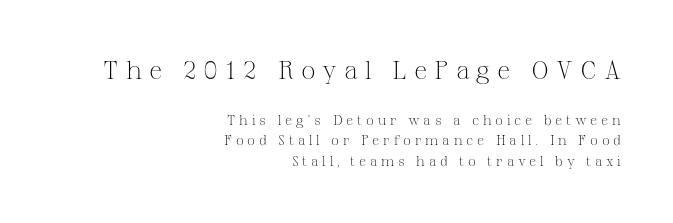
{"italic": "no", "bold": "no", "underline": "no", "align": "right", "line_spacing": "normal", "line_spacing_ratio": 1.44, "letter_spacing": "wide", "letter_spacing_em": 0.27, "larger_block": "first", "size_ratio": 1.86, "glyph_px": 26}
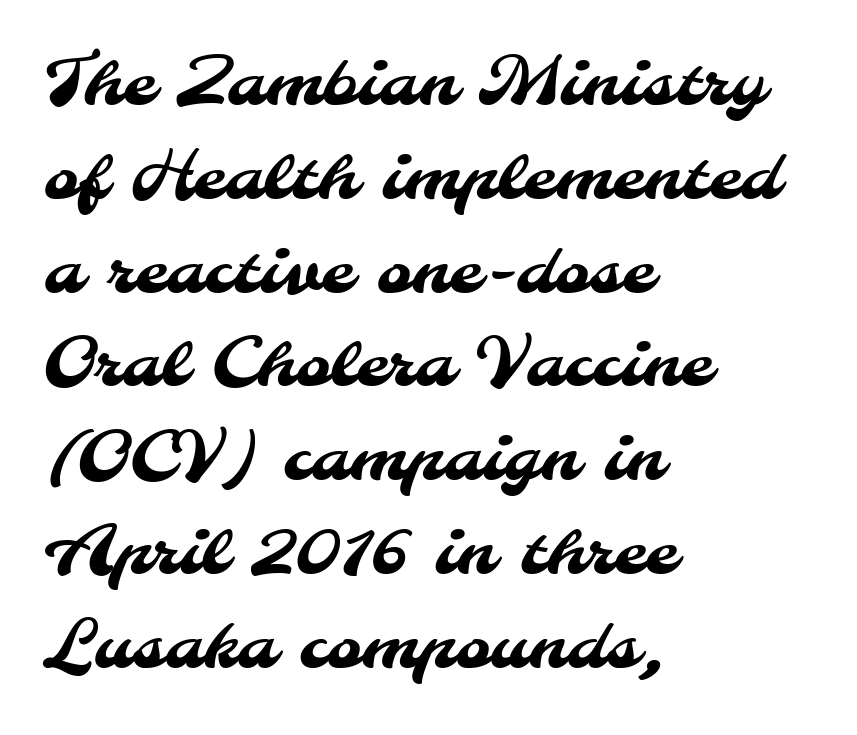
Q: Is the typeface a serif or a sans-serif typeface? A: Sans-serif.
Q: Is the text underlined? A: No.
Q: How is the paragraph aligned? A: Left-aligned.
Q: Is the spacing between letters normal or unusually wide? A: Normal.
Q: Is the spacing between lines tight, normal or loose? A: Normal.
Q: Width (condensed, normal, or wide)? A: Normal.
Q: Stroke contrast? A: Medium.
Q: x-height? A: Small.
Q: Monospaced? A: No.
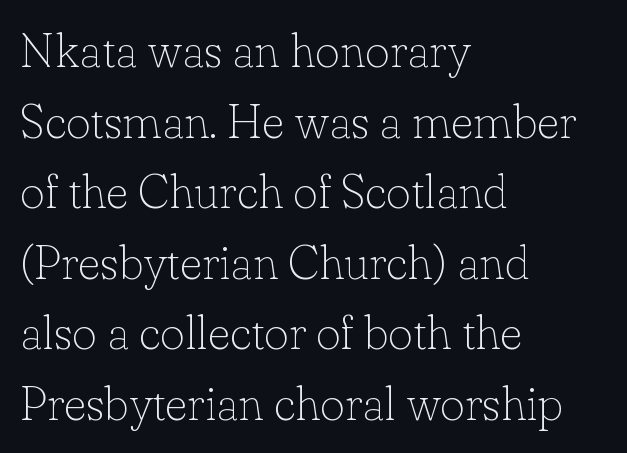
{"serif": "yes", "italic": "no", "bold": "no", "weight": "thin", "width": "normal", "stroke_contrast": "low", "x_height": "small", "monospaced": "no", "underline": "no", "align": "left", "line_spacing": "normal", "line_spacing_ratio": 1.47, "letter_spacing": "normal", "letter_spacing_em": 0.0, "glyph_px": 48}
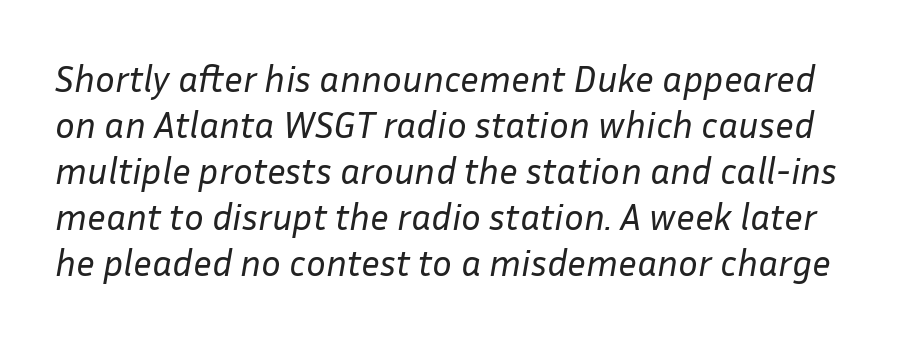
Q: Is the text bold? A: No.
Q: Is the text italic (slanted)? A: Yes, it leans right by about 10 degrees.
Q: Is the text underlined? A: No.
Q: Is the spacing between letters normal or unusually wide? A: Normal.
Q: Width (condensed, normal, or wide)? A: Normal.
Q: Stroke contrast? A: Low.
Q: x-height? A: Medium.
Q: Monospaced? A: No.
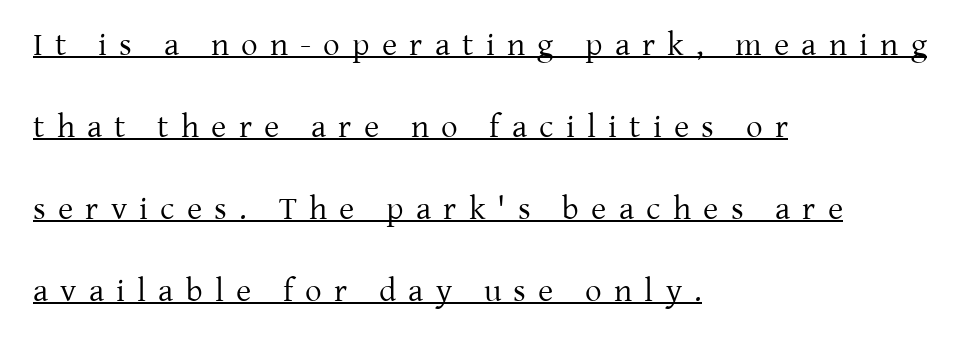
The image shows 33 px regular-weight serif type, upright; set left-aligned, loose line spacing (2.48x), unusually wide letter spacing (+0.37 em), underlined; low stroke contrast and a medium x-height.
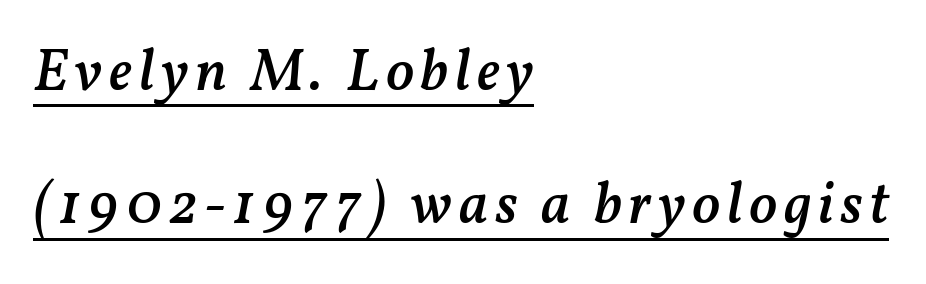
Q: Is the text bold? A: Semi-bold.
Q: Is the text italic (slanted)? A: Yes, it leans right by about 11 degrees.
Q: Is the text underlined? A: Yes.
Q: How is the paragraph aligned? A: Left-aligned.
Q: Is the spacing between lines tight, normal or loose? A: Loose.
Q: Width (condensed, normal, or wide)? A: Normal.
Q: Stroke contrast? A: Medium.
Q: x-height? A: Medium.
Q: Monospaced? A: No.
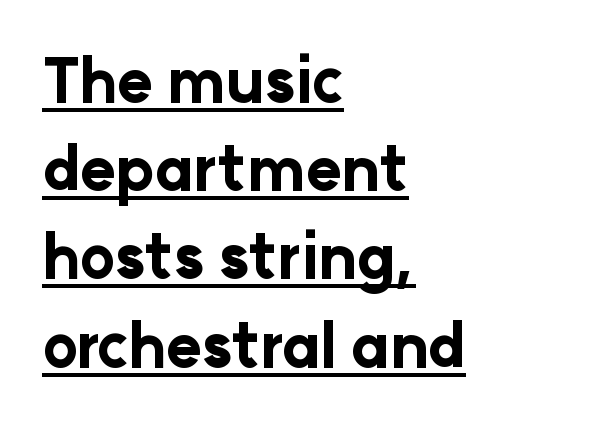
If you measured baseline to baseline, you'd find a middling distance. Typeset ragged right — the left edge is the straight one. Bold? Absolutely — the strokes are thick and heavy. Ordinary non-slanted type is in use. There is no visible air inserted between adjacent glyphs. Does the type have serifs? No, each stem ends abruptly.
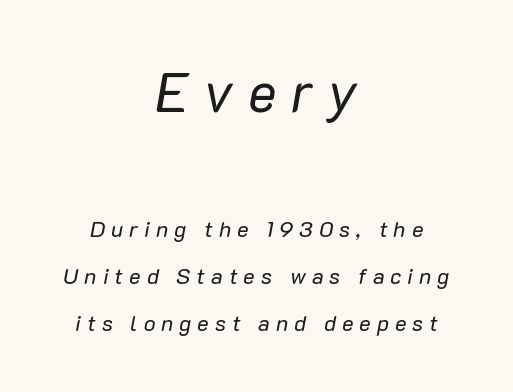
The rag falls on both sides of this text block equally. These lines have a slow, spaced-out rhythm from letter to letter. These lines stand farther apart than default settings would place them. Two sizes are in play, and the larger belongs to the first block.
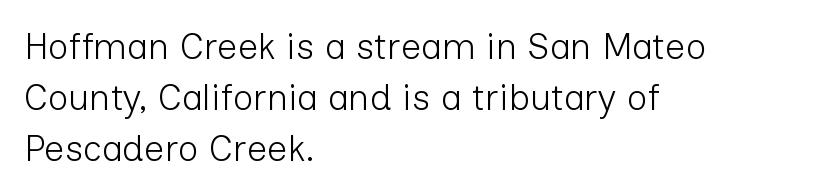
{"serif": "no", "italic": "no", "bold": "no", "weight": "light", "width": "normal", "stroke_contrast": "low", "x_height": "medium", "monospaced": "no", "underline": "no", "align": "left", "line_spacing": "normal", "line_spacing_ratio": 1.42, "letter_spacing": "normal", "letter_spacing_em": 0.0, "glyph_px": 36}
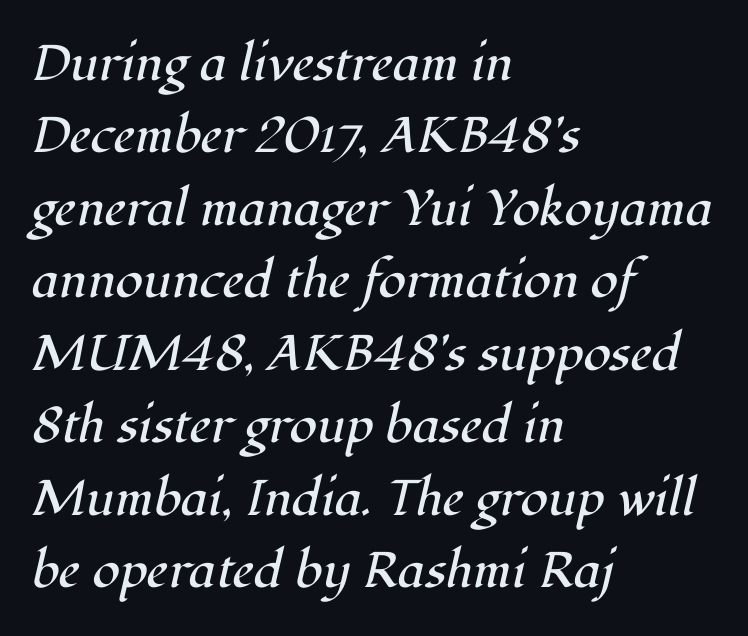
Q: Is the text bold? A: No.
Q: Is the text italic (slanted)? A: Yes, it leans right by about 12 degrees.
Q: Is the typeface a serif or a sans-serif typeface? A: Serif.
Q: Is the text underlined? A: No.
Q: How is the paragraph aligned? A: Left-aligned.
Q: Is the spacing between letters normal or unusually wide? A: Normal.
Q: Is the spacing between lines tight, normal or loose? A: Normal.
Q: Width (condensed, normal, or wide)? A: Normal.
Q: Stroke contrast? A: High.
Q: x-height? A: Medium.
Q: Monospaced? A: No.
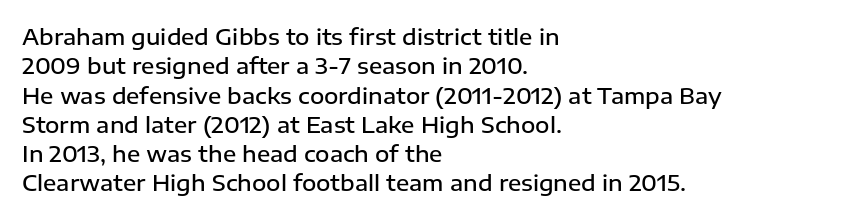
Q: Is the text bold? A: Semi-bold.
Q: Is the text italic (slanted)? A: No, it is upright.
Q: Is the text underlined? A: No.
Q: How is the paragraph aligned? A: Left-aligned.
Q: Is the spacing between letters normal or unusually wide? A: Normal.
Q: Is the spacing between lines tight, normal or loose? A: Normal.
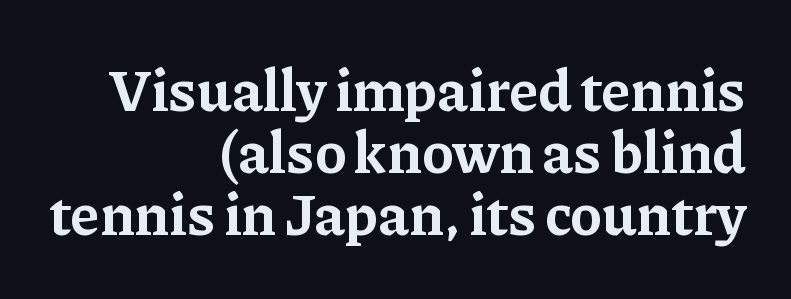
Do the characters align in a grid? No, the font is proportional. A flush-right, rag-left setting is used for this passage. A typesetter would call this zero additional tracking. These lines were composed using upright roman letters. Compared with typical paragraphs, the rows here are closer together.
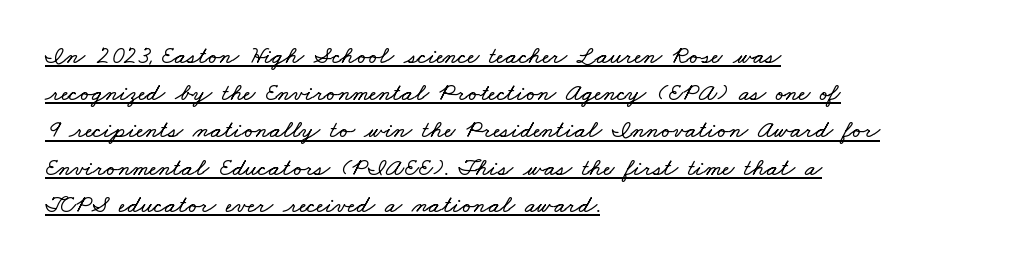
The block of text has a typical density, with ordinary space between rows. The typesetter has applied underlining to the passage shown. Each word holds together tightly as a unit, with standard inter-letter gaps. If you drew a ruler down the left edge, every line would touch it.
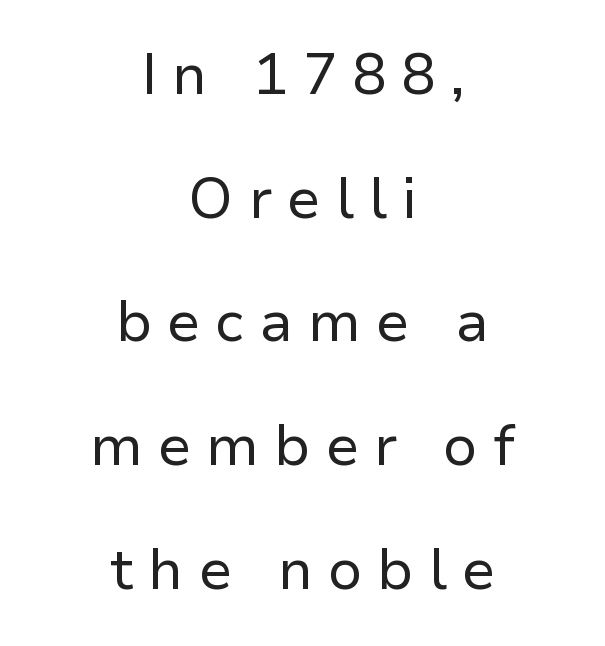
Letters have the restrained weight of plain body copy at most. Does the type have serifs? No, each stem ends abruptly. The type is letterspaced generously, with wide tracking. Compared with typical paragraphs, the rows here are farther apart. Lines of text with bare space underneath.
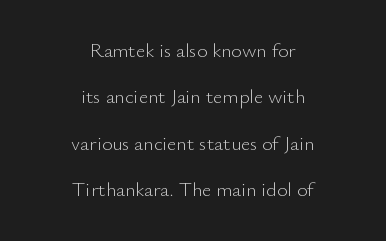
The image shows 20 px text type, upright; set centered, loose line spacing (2.32x), normal letter spacing, not underlined.
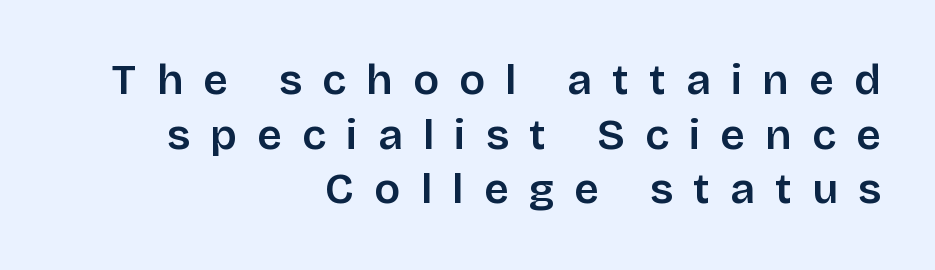
{"serif": "no", "italic": "no", "bold": "semi", "weight": "semibold", "width": "normal", "stroke_contrast": "low", "x_height": "large", "monospaced": "no", "underline": "no", "align": "right", "line_spacing": "normal", "line_spacing_ratio": 1.27, "letter_spacing": "wide", "letter_spacing_em": 0.47, "glyph_px": 43}
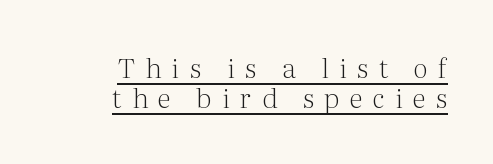
The image shows 27 px text type, upright; set right-aligned, tight line spacing (1.12x), unusually wide letter spacing (+0.38 em), underlined.
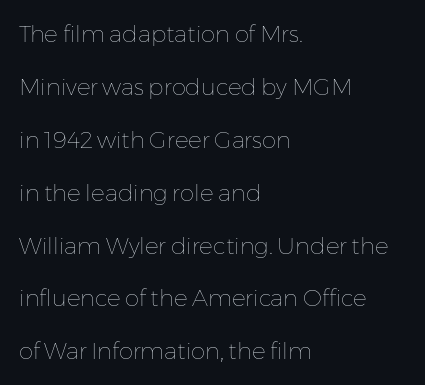
{"italic": "no", "bold": "no", "underline": "no", "align": "left", "line_spacing": "loose", "line_spacing_ratio": 2.3, "letter_spacing": "normal", "letter_spacing_em": 0.0, "glyph_px": 23}
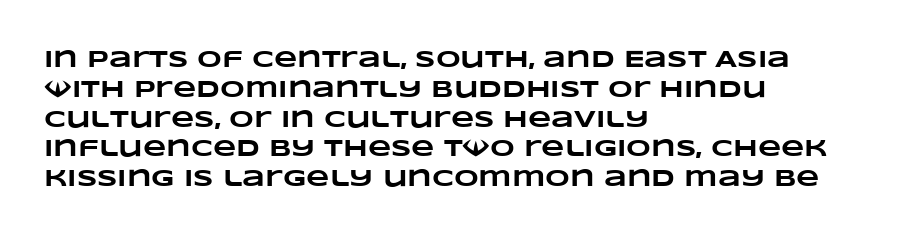
There is no visible air inserted between adjacent glyphs. Its strokes are broad and dark, the hallmark of bold type. Compared with a centered layout, this one pins lines to the left instead. Letters rest on an invisible, unmarked baseline.
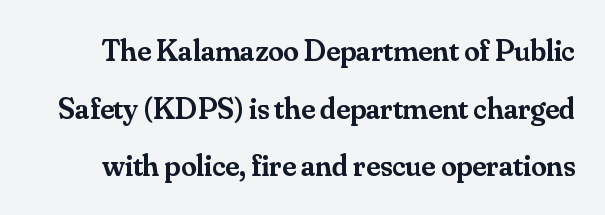
The image shows 31 px semibold serif type, upright; set line spacing 1.86x, normal letter spacing, not underlined; medium stroke contrast and a small x-height.
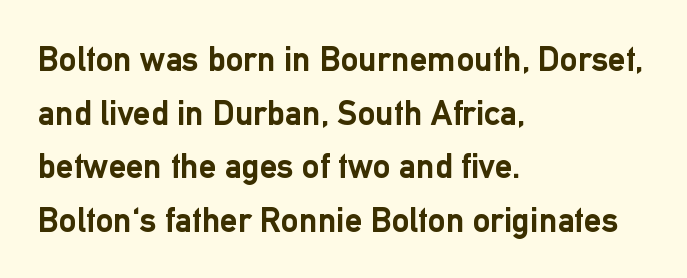
{"serif": "no", "italic": "no", "bold": "yes", "weight": "semibold", "width": "normal", "stroke_contrast": "low", "x_height": "medium", "monospaced": "no", "underline": "no", "align": "left", "line_spacing": "normal", "line_spacing_ratio": 1.53, "letter_spacing": "normal", "letter_spacing_em": 0.0, "glyph_px": 35}
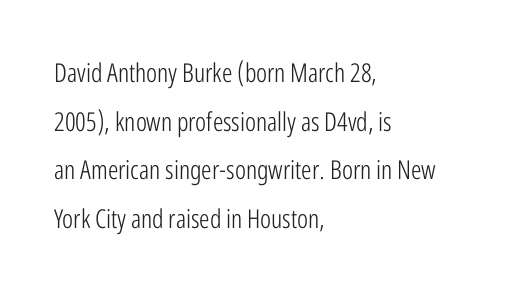
The image shows 26 px text type, upright; set left-aligned, line spacing 1.87x, normal letter spacing, not underlined.
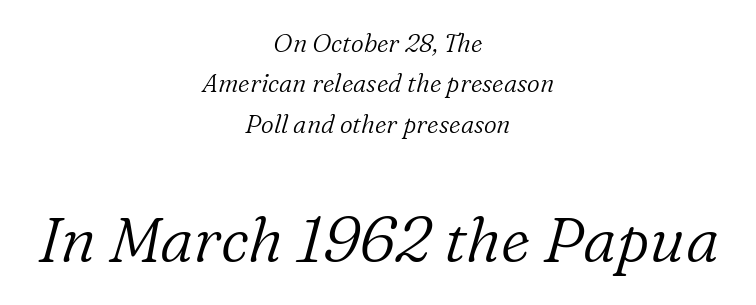
Q: Is the text bold? A: No.
Q: Is the text italic (slanted)? A: Yes, it leans right by about 16 degrees.
Q: Is the typeface a serif or a sans-serif typeface? A: Serif.
Q: Is the text underlined? A: No.
Q: How is the paragraph aligned? A: Centered.
Q: Is the spacing between letters normal or unusually wide? A: Normal.
Q: Is the spacing between lines tight, normal or loose? A: Normal.
Q: Which block of text is set in a larger size, the first (top) or the second (bottom)? A: The second (bottom) one.
Q: Width (condensed, normal, or wide)? A: Normal.
Q: Stroke contrast? A: Low.
Q: x-height? A: Medium.
Q: Monospaced? A: No.
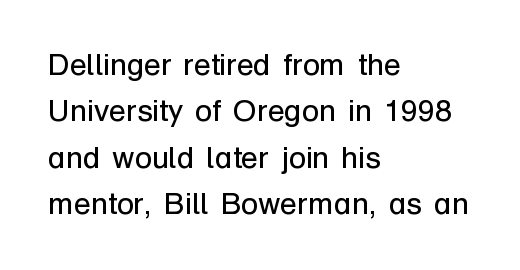
The image shows 31 px regular-weight sans-serif type, upright; set left-aligned, normal line spacing (1.5x), normal letter spacing, not underlined; low stroke contrast and a medium x-height.
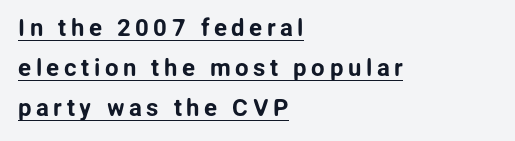
The image shows 24 px text type, upright; set left-aligned, normal line spacing (1.67x), underlined.
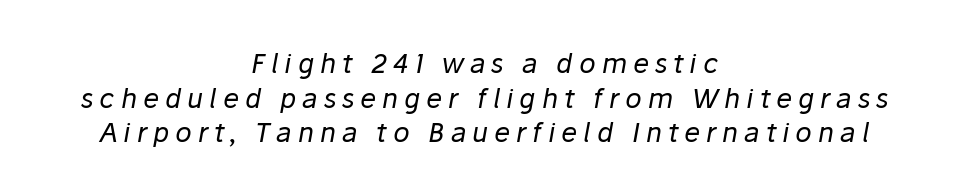
The image shows 27 px text type, italic (leaning right); set centered, normal line spacing (1.28x), unusually wide letter spacing (+0.22 em), not underlined.
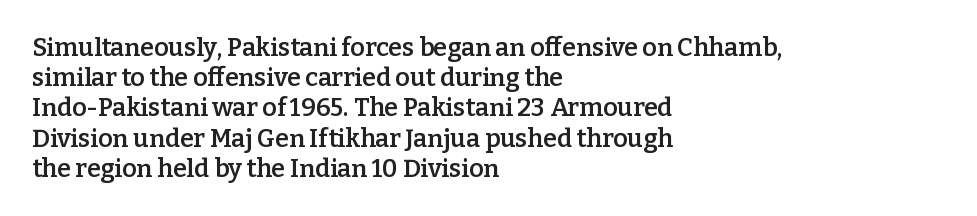
Q: Is the text bold? A: Semi-bold.
Q: Is the text italic (slanted)? A: No, it is upright.
Q: Is the text underlined? A: No.
Q: How is the paragraph aligned? A: Left-aligned.
Q: Is the spacing between letters normal or unusually wide? A: Normal.

* Aim of the exercise
Take from the listing above each line that contains the string "farther".

* The answer
The rag falls on both sides of this text block equally. These lines have a slow, spaced-out rhythm from letter to letter. These lines stand farther apart than default settings would place them. Two sizes are in play, and the larger belongs to the first block.
Letters have the restrained weight of plain body copy at most. Does the type have serifs? No, each stem ends abruptly. The type is letterspaced generously, with wide tracking. Compared with typical paragraphs, the rows here are farther apart. Lines of text with bare space underneath.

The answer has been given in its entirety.